OllyOn…Protecting your business with shareholder agreements
Over a series of weeks I’ll be examining some of the traps and pitfalls of operating within a private limited company structure without the protection of either a shareholders’ agreement or bespoke articles of association. Poor preparation of a company’s constitutional documents can lead to disputes and ultimately the business failing.
This week…‘What’s in a number? Why different shareholder percentages mean different rights’
Whilst, arguably, the most important shareholding thresholds are:
25%+ (the ability to block special resolutions);
50% (the ability to block ordinary resolutions);
50%+ (the ability to pass ordinary resolutions); and
75% (the ability to pass special resolutions),
there are other thresholds that carry certain rights.
In this article, we will explore some of the rights, risks and obligations that differing percentages carry in a private limited company. References to a percentage are to the percentage of ordinary voting shares and assumes they all rank equally in that regard, i.e. no class of shares carries any additional, or weighted, voting rights.
Gimme Five (Percent)
The normal manner in which a resolution of the members is passed will be where the directors consider a course of action to be in the best interests of the company, but require the members’ approval in order to be able to carry out that action.
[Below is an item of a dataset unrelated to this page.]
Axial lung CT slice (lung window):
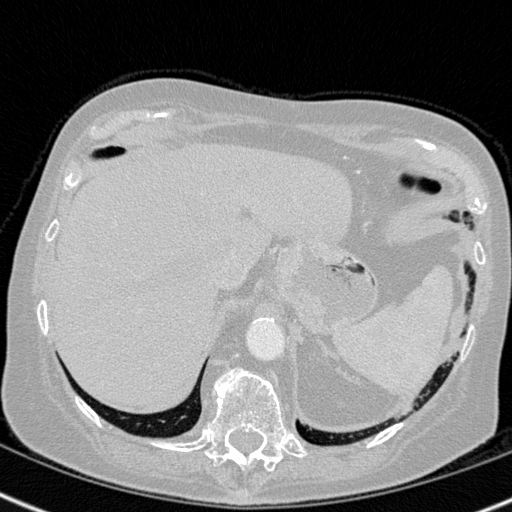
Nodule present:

They will usually hold a board meeting, resolve to refer the matter to the members, whether that be by way of a written resolution which is sent to the members for them to approve (or otherwise), or by convening a general meeting whereby the members physically meet, and, in either event, if sufficient members indicate their approval, the directors can go ahead.
This is all well and good in an “owner-managed business”, being a business where the directors and the shareholders are one and the same, but there are certain companies where the directors and the shareholders are not the same people, and their opinions on the conduct of the business may differ.
It may be that the members wish to pass a resolution that the directors do not agree with, or have no interest in putting forward. It may be that the resolution in question is to remove a director, in accordance with the members’ statutory right to do so (section 168 of the Companies Act 2006), or to appoint additional directors, which may alter the balance of power in terms of the day to day operation of the company.
Either way, where a shareholder, or group of shareholders, holds 5% or more of the voting rights in a company, they acquire the ability to require the company to circulate written resolutions to all eligible members, or to require the company to convene a general meeting in order that such resolutions may be considered.
Those shareholders may also require the company to circulate a statement relating to the proposed resolutions.
Whilst a well-drafted shareholders’ agreement and set of articles of association cannot remove this right, and in actual fact the articles can make the requisite percentage lower, these documents can provide that certain matters may only be carried out with the approval of a certain percentage of the members, or even by unanimity.
Ten percent, give or take
In previous articles, we have touched upon tag-along and drag-along rights i.e. the right within a shareholders’ agreement or articles to force a minority shareholder to sell their shares to a third party as part of a sale, or the right for a minority shareholder to come along for the ride. The keen-eyed among you will have seen that the percentage to which I referred in that article was 15%.
There are actually provisions within the Companies Act 2006 which could be described as statutory drag-drag along, or “squeeze-out” (sections 979 to 982), and also statutory tag-along, or “sell-out” (sections 983 to 985), but only where the relevant minority shareholder(s) hold 10% or less.
Whilst I will not go into any great detail on the provisions (a blessing, believe me) they essentially provide that, where a third party i.e. not an existing shareholder or an associate of an existing shareholder, acquires or unconditionally agrees to acquire not less than 90% of the shares in the capital of a company, one of two things can happen.
Either, the person acquiring the shares can compel the minority shareholder to sell their shares, or the minority shareholder can compel the person acquiring the shares to acquire theirs at the same time.
This can create a level of uncertainty for everyone involved, especially given that these provisions are hidden away towards the end of the Companies Act, and further as the statutory process is far from simple. All the more reason to ensure clear and concise provisions are included within a bespoke shareholders’ agreement and articles of association.
At 10% or more, a shareholder or group of shareholders can require a poll vote, as opposed to a show of hands, meaning that the percentage levels are taken into account at a general meeting. This becomes less relevant as more private companies utilise the written resolution route, which utilises a poll vote in any event.
Further, and useful for a shareholder or group of shareholders with the desire of causing expense and inconvenience for a company, a shareholder or group of shareholders holding 10% of the issued share capital in a company, or of any class of shares, can cause a company to require an audit.
Small companies (as defined within the Companies Act 2006) are exempt from the requirement to have audited accounts, which are much more in depth, and significantly more expensive to prepare.